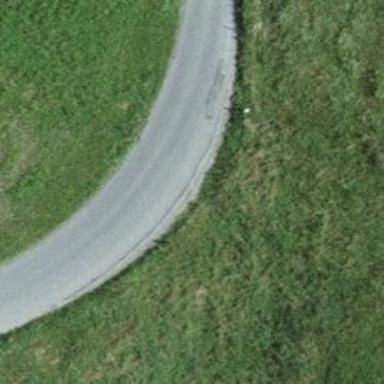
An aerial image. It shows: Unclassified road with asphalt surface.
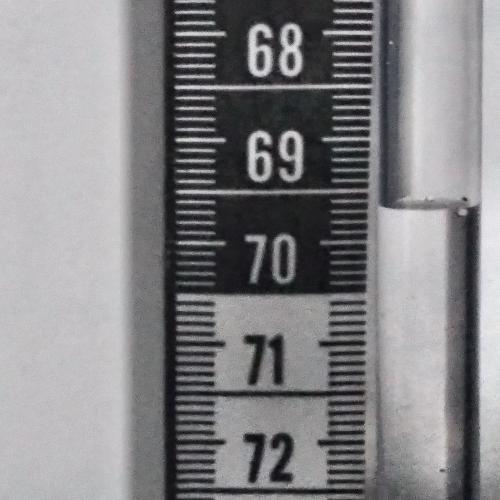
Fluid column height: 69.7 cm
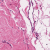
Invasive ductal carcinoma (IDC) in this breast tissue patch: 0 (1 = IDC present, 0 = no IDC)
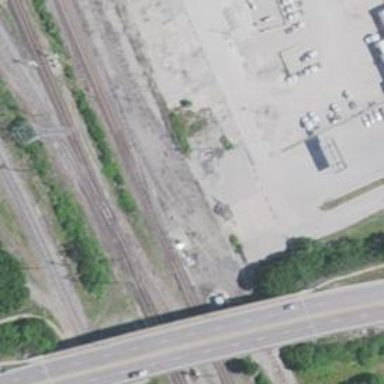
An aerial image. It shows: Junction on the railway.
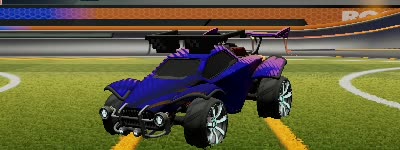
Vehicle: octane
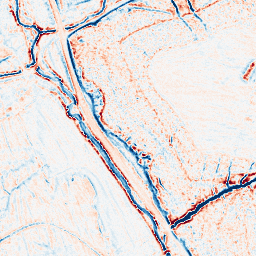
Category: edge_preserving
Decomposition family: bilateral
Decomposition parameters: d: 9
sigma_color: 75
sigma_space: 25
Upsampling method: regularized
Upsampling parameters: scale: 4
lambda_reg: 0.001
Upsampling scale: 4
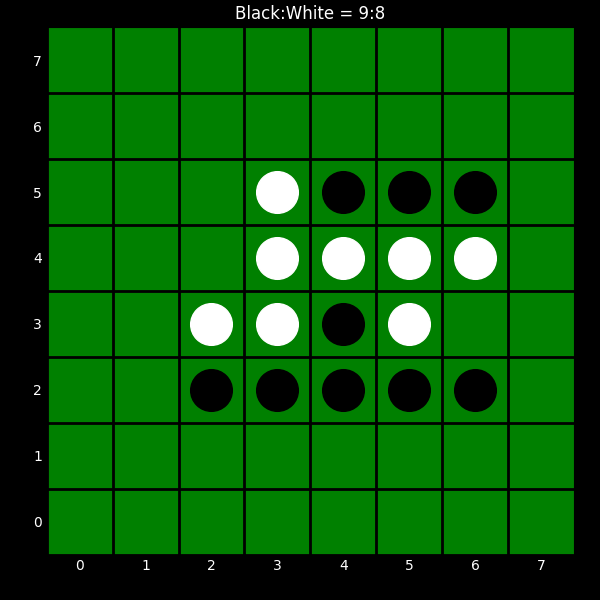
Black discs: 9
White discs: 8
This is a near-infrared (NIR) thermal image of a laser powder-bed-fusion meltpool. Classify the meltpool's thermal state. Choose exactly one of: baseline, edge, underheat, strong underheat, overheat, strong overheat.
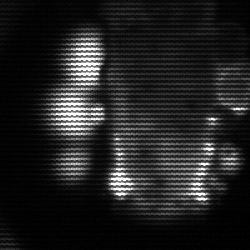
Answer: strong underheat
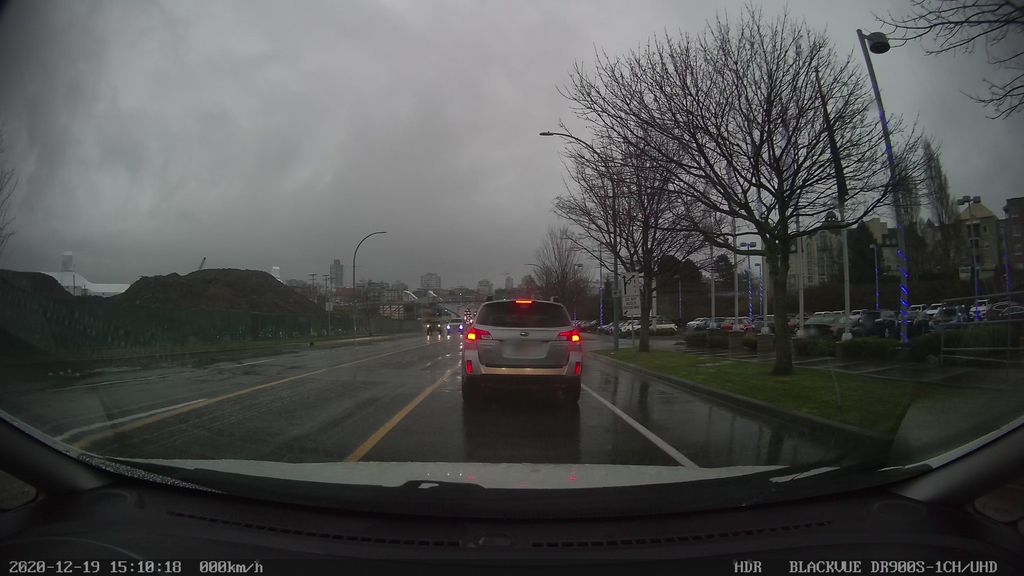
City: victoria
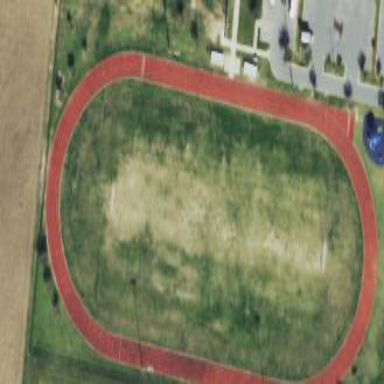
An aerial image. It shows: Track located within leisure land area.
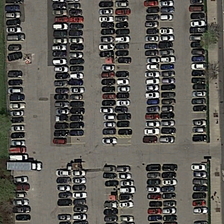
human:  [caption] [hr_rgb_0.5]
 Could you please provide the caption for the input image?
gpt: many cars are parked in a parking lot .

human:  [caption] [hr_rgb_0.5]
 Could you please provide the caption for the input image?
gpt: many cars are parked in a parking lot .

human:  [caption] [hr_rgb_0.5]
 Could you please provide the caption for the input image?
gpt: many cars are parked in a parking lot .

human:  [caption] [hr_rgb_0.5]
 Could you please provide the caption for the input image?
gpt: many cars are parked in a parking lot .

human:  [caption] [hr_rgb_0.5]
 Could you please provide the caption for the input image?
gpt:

--------------------

## AIM OF THE TASK
Reproduce each line above exactly, but not a single picture.

## YOUR SOLUTION
An aerial image. It shows: Unclassified road with asphalt surface.
Fluid column height: 69.7 cm
Invasive ductal carcinoma (IDC) in this breast tissue patch: 0 (1 = IDC present, 0 = no IDC)
An aerial image. It shows: Junction on the railway.
Vehicle: octane
Category: edge_preserving
Decomposition family: bilateral
Decomposition parameters: d: 9
sigma_color: 75
sigma_space: 25
Upsampling method: regularized
Upsampling parameters: scale: 4
lambda_reg: 0.001
Upsampling scale: 4
Black discs: 9
White discs: 8
This is a near-infrared (NIR) thermal image of a laser powder-bed-fusion meltpool. Classify the meltpool's thermal state. Choose exactly one of: baseline, edge, underheat, strong underheat, overheat, strong overheat.
Answer: strong underheat
City: victoria
An aerial image. It shows: Track located within leisure land area.
human:  [caption] [hr_rgb_0.5]
 Could you please provide the caption for the input image?
gpt: many cars are parked in a parking lot .

human:  [caption] [hr_rgb_0.5]
 Could you please provide the caption for the input image?
gpt: many cars are parked in a parking lot .

human:  [caption] [hr_rgb_0.5]
 Could you please provide the caption for the input image?
gpt: many cars are parked in a parking lot .

human:  [caption] [hr_rgb_0.5]
 Could you please provide the caption for the input image?
gpt: many cars are parked in a parking lot .

human:  [caption] [hr_rgb_0.5]
 Could you please provide the caption for the input image?
gpt:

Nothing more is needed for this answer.